Qualifying for the credit.

To qualify for the credit, the foreign tax must meet four tests:

  • The tax must be a legal and actual foreign tax liability.
  • The tax must be imposed on you.
  • You must have paid or accrued the tax.
  • The tax must be an income tax (or a tax in lieu of an income tax).

Generally, only income taxes paid or accrued to a foreign country or a U.S. possession (also referred to as a U.S. territory), or taxes paid or accrued to a foreign country or U.S. possession in lieu of an income tax, will qualify for the foreign tax credit. Qualified foreign taxes do not include:

  • Taxes refundable to you.
  • Taxes used to provide a subsidy to you or someone related to you.
  • Taxes not required by law, because you could have avoided paying the taxes to the foreign country.
  • Taxes that are paid or accrued to a country if the income giving rise to the tax is for a period (the sanction period) during which:
    • The Secretary of State has designated the country as one that repeatedly provides support for acts of international terrorism.
    • The U.S. has severed or does not conduct diplomatic relations with the country.
    • The U.S. does not recognize the country’s government, unless that government is eligible to purchase defense articles or services under the Arms Export Control Act.

Note: These taxes may be claimed as an itemized deduction.

Choosing a credit or a deduction.

Generally, you must choose to take either a credit or a deduction for all your qualified foreign taxes. For those who itemize deductions on Schedule A of Form 1040, taking a deduction for foreign taxes paid may be the easiest way to go. However, an itemized deduction only reduces your taxable income, whereas an income tax credit can provide a dollar-for-dollar reduction of your actual tax liability.

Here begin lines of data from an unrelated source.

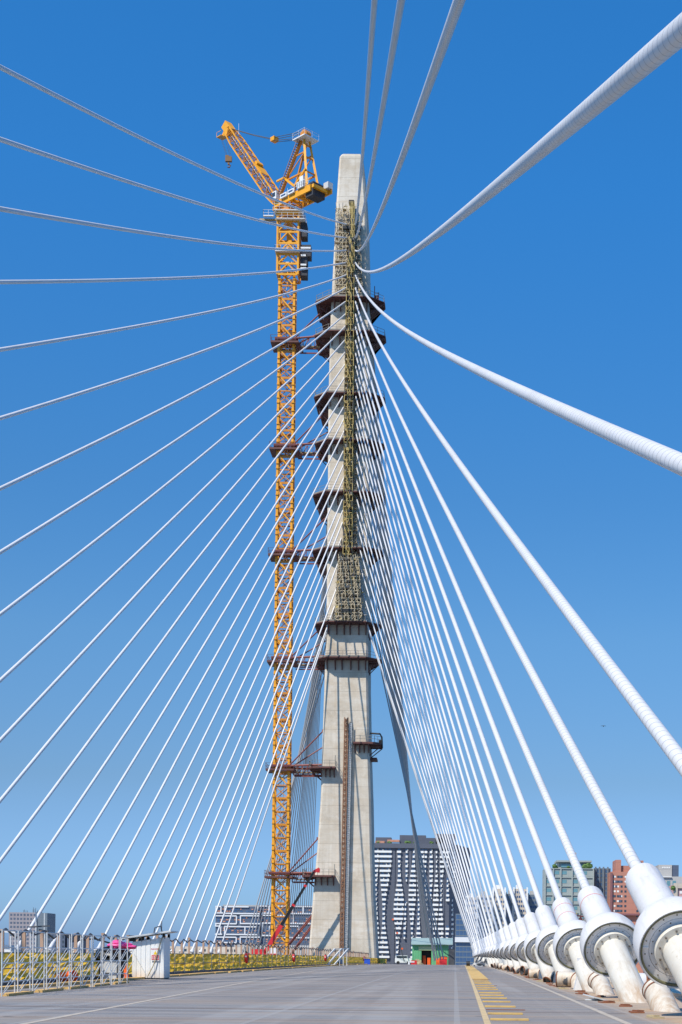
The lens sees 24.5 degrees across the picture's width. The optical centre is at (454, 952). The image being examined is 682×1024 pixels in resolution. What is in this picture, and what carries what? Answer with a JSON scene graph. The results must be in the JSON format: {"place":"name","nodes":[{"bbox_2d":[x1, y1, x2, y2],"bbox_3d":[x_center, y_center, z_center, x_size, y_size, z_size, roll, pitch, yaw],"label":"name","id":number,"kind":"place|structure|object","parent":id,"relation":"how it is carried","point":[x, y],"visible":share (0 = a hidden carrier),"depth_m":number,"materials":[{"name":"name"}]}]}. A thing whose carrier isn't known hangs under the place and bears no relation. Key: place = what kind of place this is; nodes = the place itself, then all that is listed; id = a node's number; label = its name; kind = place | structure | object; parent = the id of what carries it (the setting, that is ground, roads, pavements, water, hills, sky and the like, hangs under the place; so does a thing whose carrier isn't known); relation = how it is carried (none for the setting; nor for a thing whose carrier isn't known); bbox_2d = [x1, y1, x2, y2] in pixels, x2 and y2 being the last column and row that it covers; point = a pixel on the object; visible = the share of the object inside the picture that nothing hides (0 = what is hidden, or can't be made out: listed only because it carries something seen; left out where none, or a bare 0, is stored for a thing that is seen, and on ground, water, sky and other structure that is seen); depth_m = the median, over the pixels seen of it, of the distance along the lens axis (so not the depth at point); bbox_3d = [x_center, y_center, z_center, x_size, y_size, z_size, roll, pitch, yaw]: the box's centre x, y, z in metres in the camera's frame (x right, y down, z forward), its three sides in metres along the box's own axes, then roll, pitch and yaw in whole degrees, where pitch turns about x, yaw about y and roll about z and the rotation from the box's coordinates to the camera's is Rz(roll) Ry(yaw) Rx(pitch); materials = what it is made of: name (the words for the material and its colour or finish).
{"place":"outdoors","nodes":[
{"label":"outdoors","id":0,"kind":"place"},
{"bbox_2d":[9,907,55,951],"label":"unfinished block","id":1,"kind":"structure","parent":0,"point":[19,921],"depth_m":850.00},
{"bbox_2d":[215,905,311,946],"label":"office block","id":2,"kind":"structure","parent":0,"point":[239,925],"depth_m":900.00,"materials":[{"name":"white concrete"}]},
{"bbox_2d":[217,908,310,942],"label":"window","id":3,"kind":"structure","parent":2,"relation":"in","point":[295,930],"depth_m":899.83,"materials":[{"name":"blue glass"}]},
{"bbox_2d":[0,964,681,1023],"bbox_3d":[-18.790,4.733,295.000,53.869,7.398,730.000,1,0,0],"label":"road deck","id":4,"kind":"structure","parent":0,"point":[393,994],"depth_m":39.87,"materials":[{"name":"asphalt"}]},
{"bbox_2d":[0,930,26,996],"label":"scaffold unit","id":5,"kind":"object","parent":4,"relation":"on","point":[14,966],"visible":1,"depth_m":41.30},
{"bbox_2d":[0,991,33,995],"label":"timber plank","id":6,"kind":"object","parent":4,"relation":"on","point":[17,993],"visible":1,"depth_m":42.00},
{"bbox_2d":[4,931,40,991],"bbox_3d":[-12.048,0.263,43.512,0.555,1.740,2.424,1,0,0],"label":"scaffold unit","id":7,"kind":"object","parent":6,"relation":"on","point":[18,966],"visible":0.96,"depth_m":42.99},
{"bbox_2d":[19,931,53,990],"bbox_3d":[-12.108,0.264,45.232,0.555,1.740,2.424,1,0,0],"label":"scaffold unit","id":8,"kind":"object","parent":4,"relation":"on","point":[33,964],"visible":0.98,"depth_m":44.66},
{"bbox_2d":[72,921,177,978],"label":"site hut","id":9,"kind":"object","parent":4,"relation":"on","point":[150,958],"visible":0.98,"depth_m":68.50,"materials":[{"name":"white metal"}]},
{"bbox_2d":[21,967,341,1023],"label":"lane line","id":10,"kind":"object","parent":4,"relation":"on","point":[140,1001],"visible":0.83,"depth_m":35.63,"materials":[{"name":"paint"}]},
{"bbox_2d":[0,928,386,985],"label":"netted barrier","id":11,"kind":"object","parent":4,"relation":"on","point":[181,962],"visible":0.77,"depth_m":89.05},
{"bbox_2d":[411,938,454,964],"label":"green shed","id":12,"kind":"structure","parent":4,"relation":"on","point":[422,950],"depth_m":382.00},
{"bbox_2d":[466,966,528,1020],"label":"ladder markings","id":13,"kind":"object","parent":4,"relation":"on","point":[475,973],"visible":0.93,"depth_m":43.90,"materials":[{"name":"yellow paint"}]},
{"bbox_2d":[508,922,527,966],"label":"cable anchorage","id":14,"kind":"object","parent":4,"relation":"on","point":[514,937],"visible":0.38,"depth_m":107.64,"materials":[{"name":"metal"}]},
{"bbox_2d":[515,918,538,968],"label":"cable anchorage","id":15,"kind":"object","parent":4,"relation":"on","point":[522,935],"visible":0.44,"depth_m":95.26,"materials":[{"name":"metal"}]},
{"bbox_2d":[524,912,553,978],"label":"cable anchorage","id":16,"kind":"object","parent":4,"relation":"on","point":[531,926],"visible":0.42,"depth_m":82.81,"materials":[{"name":"metal"}]},
{"bbox_2d":[535,905,573,973],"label":"cable anchorage","id":17,"kind":"object","parent":4,"relation":"on","point":[546,922],"visible":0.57,"depth_m":70.48,"materials":[{"name":"metal"}]},
{"bbox_2d":[556,971,576,987],"bbox_3d":[4.538,1.357,60.599,1.100,1.275,2.154,1,0,-8],"label":"elbow pipe","id":18,"kind":"object","parent":4,"relation":"on","point":[565,979],"visible":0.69,"depth_m":61.01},
{"bbox_2d":[552,897,592,991],"bbox_3d":[4.636,0.080,57.550,1.790,1.790,9.240,1,25,-6],"label":"cable anchorage","id":19,"kind":"object","parent":4,"relation":"on","point":[566,944],"visible":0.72,"depth_m":57.90,"materials":[{"name":"metal"}]},
{"bbox_2d":[588,972,614,994],"bbox_3d":[4.798,1.286,50.318,0.682,1.375,2.122,1,0,-8],"label":"elbow pipe","id":20,"kind":"object","parent":4,"relation":"on","point":[599,984],"visible":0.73,"depth_m":50.37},
{"bbox_2d":[577,886,646,1002],"bbox_3d":[4.647,0.103,45.108,1.790,1.790,9.240,1,24,-6],"label":"cable anchorage","id":21,"kind":"object","parent":4,"relation":"on","point":[606,943],"visible":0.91,"depth_m":45.35,"materials":[{"name":"metal"}]},
{"bbox_2d":[626,863,681,993],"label":"cable anchorage","id":22,"kind":"object","parent":4,"relation":"on","point":[657,939],"visible":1,"depth_m":31.97,"materials":[{"name":"metal"}]},
{"bbox_2d":[642,979,680,1011],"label":"elbow pipe","id":23,"kind":"object","parent":4,"relation":"on","point":[659,998],"visible":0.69,"depth_m":35.74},
{"bbox_2d":[0,0,681,950],"label":"sky","id":24,"kind":"structure","parent":0,"point":[565,285],"materials":[{"name":"blue"}]},
{"bbox_2d":[374,834,469,964],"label":"apartment block","id":25,"kind":"structure","parent":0,"point":[397,893],"depth_m":980.00,"materials":[{"name":"stone"}]},
{"bbox_2d":[375,848,454,955],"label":"window","id":26,"kind":"structure","parent":25,"relation":"in","point":[425,859],"depth_m":979.86,"materials":[{"name":"black glass"}]},
{"bbox_2d":[455,914,474,964],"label":"blue building","id":27,"kind":"structure","parent":0,"point":[463,952],"depth_m":759.94,"materials":[{"name":"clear glass"}]},
{"bbox_2d":[542,860,593,971],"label":"building","id":28,"kind":"structure","parent":0,"point":[568,884],"depth_m":700.00,"materials":[{"name":"teal glass"}]},
{"bbox_2d":[594,867,610,900],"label":"bluegrey tower","id":29,"kind":"structure","parent":0,"point":[600,878],"depth_m":705.94,"materials":[{"name":"blue glass"}]},
{"bbox_2d":[607,860,643,972],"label":"red tower","id":30,"kind":"structure","parent":0,"point":[620,900],"depth_m":690.00,"materials":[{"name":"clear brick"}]},
{"bbox_2d":[655,865,681,885],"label":"grey block","id":31,"kind":"structure","parent":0,"point":[670,874],"depth_m":691.00,"materials":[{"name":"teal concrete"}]},
{"bbox_3d":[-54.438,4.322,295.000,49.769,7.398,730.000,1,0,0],"label":"second road deck","id":32,"kind":"structure","parent":0,"visible":0},
{"bbox_2d":[216,120,332,954],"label":"tower crane","id":33,"kind":"object","parent":32,"relation":"on","point":[305,193],"visible":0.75,"depth_m":301.48,"materials":[{"name":"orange metal"}]},
{"bbox_2d":[264,837,317,954],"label":"crane tie","id":34,"kind":"object","parent":33,"relation":"attached to","point":[292,874],"visible":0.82,"depth_m":300.93,"materials":[{"name":"red metal"}]},
{"bbox_2d":[265,729,322,776],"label":"crane tie","id":35,"kind":"object","parent":33,"relation":"attached to","point":[294,772],"visible":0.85,"depth_m":301.03,"materials":[{"name":"red metal"}]},
{"bbox_2d":[267,628,325,669],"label":"crane tie","id":36,"kind":"object","parent":33,"relation":"attached to","point":[292,657],"visible":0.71,"depth_m":301.10,"materials":[{"name":"red metal"}]},
{"bbox_2d":[268,517,326,564],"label":"crane tie","id":37,"kind":"object","parent":33,"relation":"attached to","point":[288,552],"visible":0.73,"depth_m":301.27,"materials":[{"name":"red metal"}]},
{"bbox_2d":[269,414,327,459],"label":"crane tie","id":38,"kind":"object","parent":33,"relation":"attached to","point":[289,447],"visible":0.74,"depth_m":301.29,"materials":[{"name":"red metal"}]},
{"bbox_2d":[270,308,329,353],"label":"crane tie","id":39,"kind":"object","parent":33,"relation":"attached to","point":[294,340],"visible":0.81,"depth_m":301.28,"materials":[{"name":"red metal"}]},
{"bbox_2d":[248,868,319,954],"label":"mobile crane","id":40,"kind":"object","parent":32,"relation":"on","point":[277,931],"visible":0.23,"depth_m":291.73,"materials":[{"name":"red metal"}]},
{"bbox_3d":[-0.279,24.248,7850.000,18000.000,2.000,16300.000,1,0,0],"label":"water","id":41,"kind":"structure","parent":0,"visible":0},
{"bbox_2d":[308,154,378,964],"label":"bridge pylon","id":42,"kind":"object","parent":41,"relation":"in","point":[347,692],"visible":0.71,"depth_m":297.50,"materials":[{"name":"concrete"}]},
{"bbox_2d":[0,395,343,920],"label":"stay cable","id":43,"kind":"object","parent":42,"relation":"attached to","point":[9,904],"visible":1,"depth_m":165.58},
{"bbox_2d":[0,378,343,863],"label":"stay cable","id":44,"kind":"object","parent":42,"relation":"attached to","point":[23,829],"visible":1,"depth_m":160.45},
{"bbox_2d":[0,364,344,802],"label":"stay cable","id":45,"kind":"object","parent":42,"relation":"attached to","point":[36,756],"visible":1,"depth_m":156.86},
{"bbox_2d":[0,352,344,742],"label":"stay cable","id":46,"kind":"object","parent":42,"relation":"attached to","point":[46,691],"visible":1,"depth_m":153.42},
{"bbox_2d":[0,339,344,682],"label":"stay cable","id":47,"kind":"object","parent":42,"relation":"attached to","point":[50,634],"visible":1,"depth_m":149.31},
{"bbox_2d":[0,326,344,615],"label":"stay cable","id":48,"kind":"object","parent":42,"relation":"attached to","point":[37,585],"visible":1,"depth_m":147.27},
{"bbox_2d":[0,301,345,490],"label":"stay cable","id":49,"kind":"object","parent":42,"relation":"attached to","point":[36,471],"visible":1,"depth_m":140.00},
{"bbox_2d":[0,287,345,419],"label":"stay cable","id":50,"kind":"object","parent":42,"relation":"attached to","point":[22,411],"visible":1,"depth_m":143.45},
{"bbox_2d":[0,137,346,238],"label":"stay cable","id":51,"kind":"object","parent":42,"relation":"attached to","point":[44,154],"visible":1,"depth_m":119.17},
{"bbox_2d":[0,313,346,554],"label":"stay cable","id":52,"kind":"object","parent":42,"relation":"attached to","point":[37,529],"visible":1,"depth_m":143.48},
{"bbox_2d":[0,275,346,351],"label":"stay cable","id":53,"kind":"object","parent":42,"relation":"attached to","point":[20,346],"visible":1,"depth_m":139.16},
{"bbox_2d":[0,262,346,283],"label":"stay cable","id":54,"kind":"object","parent":42,"relation":"attached to","point":[45,281],"visible":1,"depth_m":135.50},
{"bbox_2d":[0,64,347,224],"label":"stay cable","id":55,"kind":"object","parent":42,"relation":"attached to","point":[53,94],"visible":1,"depth_m":117.01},
{"bbox_2d":[0,206,347,251],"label":"stay cable","id":56,"kind":"object","parent":42,"relation":"attached to","point":[42,216],"visible":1,"depth_m":117.32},
{"bbox_2d":[26,406,343,936],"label":"stay cable","id":57,"kind":"object","parent":42,"relation":"attached to","point":[125,774],"visible":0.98,"depth_m":177.11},
{"bbox_2d":[53,418,343,941],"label":"stay cable","id":58,"kind":"object","parent":42,"relation":"attached to","point":[138,793],"visible":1,"depth_m":189.15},
{"bbox_2d":[79,431,343,941],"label":"stay cable","id":59,"kind":"object","parent":42,"relation":"attached to","point":[151,807],"visible":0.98,"depth_m":201.64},
{"bbox_2d":[105,449,343,934],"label":"stay cable","id":60,"kind":"object","parent":42,"relation":"attached to","point":[161,823],"visible":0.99,"depth_m":210.87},
{"bbox_2d":[121,465,343,940],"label":"stay cable","id":61,"kind":"object","parent":42,"relation":"attached to","point":[168,841],"visible":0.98,"depth_m":222.62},
{"bbox_2d":[138,477,343,940],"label":"stay cable","id":62,"kind":"object","parent":42,"relation":"attached to","point":[173,861],"visible":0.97,"depth_m":232.90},
{"bbox_2d":[153,498,342,938],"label":"stay cable","id":63,"kind":"object","parent":42,"relation":"attached to","point":[182,872],"visible":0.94,"depth_m":242.71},
{"bbox_2d":[169,510,342,930],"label":"stay cable","id":64,"kind":"object","parent":42,"relation":"attached to","point":[181,902],"visible":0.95,"depth_m":252.12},
{"bbox_2d":[175,522,342,943],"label":"stay cable","id":65,"kind":"object","parent":42,"relation":"attached to","point":[256,740],"visible":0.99,"depth_m":259.85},
{"bbox_2d":[184,538,341,943],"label":"stay cable","id":66,"kind":"object","parent":42,"relation":"attached to","point":[260,748],"visible":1,"depth_m":267.51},
{"bbox_2d":[195,562,337,940],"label":"stay cable","id":67,"kind":"object","parent":42,"relation":"attached to","point":[265,756],"visible":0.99,"depth_m":275.28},
{"bbox_2d":[205,588,336,939],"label":"stay cable","id":68,"kind":"object","parent":42,"relation":"attached to","point":[269,767],"visible":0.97,"depth_m":282.29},
{"bbox_2d":[213,606,334,942],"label":"stay cable","id":69,"kind":"object","parent":42,"relation":"attached to","point":[272,779],"visible":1,"depth_m":288.81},
{"bbox_2d":[222,629,327,943],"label":"stay cable","id":70,"kind":"object","parent":42,"relation":"attached to","point":[273,791],"visible":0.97,"depth_m":295.07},
{"bbox_2d":[339,717,351,955],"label":"hoist mast","id":71,"kind":"object","parent":42,"relation":"attached to","point":[345,816],"visible":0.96,"depth_m":296.45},
{"bbox_2d":[313,650,381,675],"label":"work platform","id":72,"kind":"structure","parent":42,"relation":"attached to","point":[372,663],"depth_m":296.69,"materials":[{"name":"red metal"}]},
{"bbox_2d":[315,615,380,640],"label":"work platform","id":73,"kind":"structure","parent":42,"relation":"attached to","point":[318,625],"depth_m":296.95,"materials":[{"name":"red metal"}]},
{"bbox_2d":[333,200,363,620],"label":"scaffold tower","id":74,"kind":"structure","parent":42,"relation":"attached to","point":[350,267],"depth_m":295.96,"materials":[{"name":"green metal"}]},
{"bbox_2d":[312,541,384,579],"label":"work platform","id":75,"kind":"structure","parent":42,"relation":"attached to","point":[315,552],"depth_m":297.33,"materials":[{"name":"red metal"}]},
{"bbox_2d":[313,484,384,524],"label":"work platform","id":76,"kind":"structure","parent":42,"relation":"attached to","point":[317,496],"depth_m":297.62,"materials":[{"name":"red metal"}]},
{"bbox_2d":[314,386,385,429],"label":"work platform","id":77,"kind":"structure","parent":42,"relation":"attached to","point":[323,401],"depth_m":297.72,"materials":[{"name":"red metal"}]},
{"bbox_2d":[315,433,384,464],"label":"work platform","id":78,"kind":"structure","parent":42,"relation":"attached to","point":[318,444],"depth_m":297.25,"materials":[{"name":"red metal"}]},
{"bbox_2d":[315,290,385,329],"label":"work platform","id":79,"kind":"structure","parent":42,"relation":"attached to","point":[375,313],"depth_m":298.02,"materials":[{"name":"red metal"}]},
{"bbox_2d":[315,324,385,361],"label":"work platform","id":80,"kind":"structure","parent":42,"relation":"attached to","point":[324,339],"depth_m":297.93,"materials":[{"name":"red metal"}]},
{"bbox_2d":[354,0,377,224],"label":"stay cable","id":81,"kind":"object","parent":42,"relation":"attached to","point":[371,42],"visible":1,"depth_m":96.04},
{"bbox_2d":[353,730,382,761],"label":"corner platform","id":82,"kind":"structure","parent":42,"relation":"attached to","point":[375,745],"depth_m":297.29,"materials":[{"name":"red metal"}]},
{"bbox_2d":[355,0,404,238],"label":"stay cable","id":83,"kind":"object","parent":42,"relation":"attached to","point":[396,30],"visible":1,"depth_m":76.72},
{"bbox_2d":[372,595,437,959],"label":"back stay cable","id":84,"kind":"object","parent":42,"relation":"attached to","point":[407,796],"visible":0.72,"depth_m":331.28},
{"bbox_2d":[371,606,440,959],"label":"back stay cable","id":85,"kind":"object","parent":42,"relation":"attached to","point":[410,810],"visible":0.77,"depth_m":322.18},
{"bbox_2d":[373,636,443,958],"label":"back stay cable","id":86,"kind":"object","parent":42,"relation":"attached to","point":[410,806],"visible":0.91,"depth_m":313.36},
{"bbox_2d":[355,0,465,251],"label":"stay cable","id":87,"kind":"object","parent":42,"relation":"attached to","point":[454,13],"visible":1,"depth_m":51.40,"materials":[{"name":"metal"}]},
{"bbox_2d":[357,539,476,940],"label":"stay cable","id":88,"kind":"object","parent":42,"relation":"attached to","point":[418,747],"visible":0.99,"depth_m":267.13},
{"bbox_2d":[356,525,478,939],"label":"stay cable","id":89,"kind":"object","parent":42,"relation":"attached to","point":[419,741],"visible":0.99,"depth_m":258.98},
{"bbox_2d":[359,562,475,941],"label":"stay cable","id":90,"kind":"object","parent":42,"relation":"attached to","point":[418,758],"visible":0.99,"depth_m":274.29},
{"bbox_2d":[361,586,473,942],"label":"stay cable","id":91,"kind":"object","parent":42,"relation":"attached to","point":[418,768],"visible":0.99,"depth_m":281.67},
{"bbox_2d":[362,607,472,943],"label":"stay cable","id":92,"kind":"object","parent":42,"relation":"attached to","point":[418,779],"visible":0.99,"depth_m":288.27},
{"bbox_2d":[357,512,480,939],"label":"stay cable","id":93,"kind":"object","parent":42,"relation":"attached to","point":[421,738],"visible":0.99,"depth_m":249.72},
{"bbox_2d":[356,498,482,938],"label":"stay cable","id":94,"kind":"object","parent":42,"relation":"attached to","point":[422,731],"visible":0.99,"depth_m":241.12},
{"bbox_2d":[367,627,471,944],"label":"stay cable","id":95,"kind":"object","parent":42,"relation":"attached to","point":[420,790],"visible":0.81,"depth_m":294.45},
{"bbox_2d":[355,476,485,936],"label":"stay cable","id":96,"kind":"object","parent":42,"relation":"attached to","point":[424,723],"visible":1,"depth_m":231.99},
{"bbox_2d":[355,462,487,935],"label":"stay cable","id":97,"kind":"object","parent":42,"relation":"attached to","point":[425,718],"visible":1,"depth_m":222.02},
{"bbox_2d":[355,450,490,934],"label":"stay cable","id":98,"kind":"object","parent":42,"relation":"attached to","point":[483,910],"visible":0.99,"depth_m":211.29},
{"bbox_2d":[355,431,494,932],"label":"stay cable","id":99,"kind":"object","parent":42,"relation":"attached to","point":[477,875],"visible":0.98,"depth_m":199.66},
{"bbox_2d":[355,420,497,930],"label":"stay cable","id":100,"kind":"object","parent":42,"relation":"attached to","point":[475,854],"visible":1,"depth_m":188.29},
{"bbox_2d":[355,406,502,928],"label":"stay cable","id":101,"kind":"object","parent":42,"relation":"attached to","point":[475,838],"visible":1,"depth_m":175.28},
{"bbox_2d":[355,395,506,925],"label":"stay cable","id":102,"kind":"object","parent":42,"relation":"attached to","point":[476,824],"visible":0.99,"depth_m":162.19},
{"bbox_2d":[355,378,513,921],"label":"stay cable","id":103,"kind":"object","parent":42,"relation":"attached to","point":[476,803],"visible":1,"depth_m":148.50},
{"bbox_2d":[355,365,520,917],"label":"stay cable","id":104,"kind":"object","parent":42,"relation":"attached to","point":[479,790],"visible":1,"depth_m":133.95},
{"bbox_2d":[355,351,530,913],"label":"stay cable","id":105,"kind":"object","parent":42,"relation":"attached to","point":[508,850],"visible":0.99,"depth_m":119.14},
{"bbox_2d":[355,338,543,906],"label":"stay cable","id":106,"kind":"object","parent":42,"relation":"attached to","point":[538,898],"visible":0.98,"depth_m":103.79,"materials":[{"name":"metal"}]},
{"bbox_2d":[355,325,561,898],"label":"stay cable","id":107,"kind":"object","parent":42,"relation":"attached to","point":[538,844],"visible":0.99,"depth_m":87.47,"materials":[{"name":"metal"}]},
{"bbox_2d":[355,313,589,888],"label":"stay cable","id":108,"kind":"object","parent":42,"relation":"attached to","point":[567,845],"visible":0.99,"depth_m":70.58,"materials":[{"name":"metal"}]},
{"bbox_2d":[355,300,640,868],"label":"stay cable","id":109,"kind":"object","parent":42,"relation":"attached to","point":[632,859],"visible":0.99,"depth_m":51.54,"materials":[{"name":"metal"}]},
{"bbox_2d":[355,12,681,272],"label":"stay cable","id":110,"kind":"object","parent":42,"relation":"attached to","point":[658,50],"visible":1,"depth_m":24.04,"materials":[{"name":"metal"}]},
{"bbox_2d":[355,287,681,775],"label":"stay cable","id":111,"kind":"object","parent":42,"relation":"attached to","point":[667,743],"visible":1,"depth_m":37.80,"materials":[{"name":"metal"}]},
{"bbox_2d":[355,274,681,475],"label":"stay cable","id":112,"kind":"object","parent":42,"relation":"attached to","point":[665,457],"visible":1,"depth_m":30.71,"materials":[{"name":"metal"}]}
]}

For example, if you’re in the 35% income tax bracket, a $200 deduction would only reduce your taxes by $70 (assuming full deductibility), whereas a tax credit would provide a $200 reduction in tax liability (if you are eligible for the entire credit). Taking a tax credit seems like the obvious choice, right? Unfortunately, the foreign tax credit has limitations and requires you to fill out Form 1116, which can be complex.

You must choose either the foreign tax credit or itemized deduction for all foreign taxes paid or accrued during the year. This is an annual choice.

If you are a cash basis taxpayer, you can only take the foreign tax credit in the year you pay the qualified foreign tax unless you elect to claim the foreign tax credit in the year the taxes are accrued. Once you make this election using IRS Form 1116, you cannot switch back to claiming the taxes in the year paid during later years. If you are an individual and you would like more information see IRS Publication 514.

Deferred accounts.

Since you don’t pay current taxes on investment income in your IRA or 401(k), there’s no deduction or credit currently available for foreign taxes paid on investments held in these accounts.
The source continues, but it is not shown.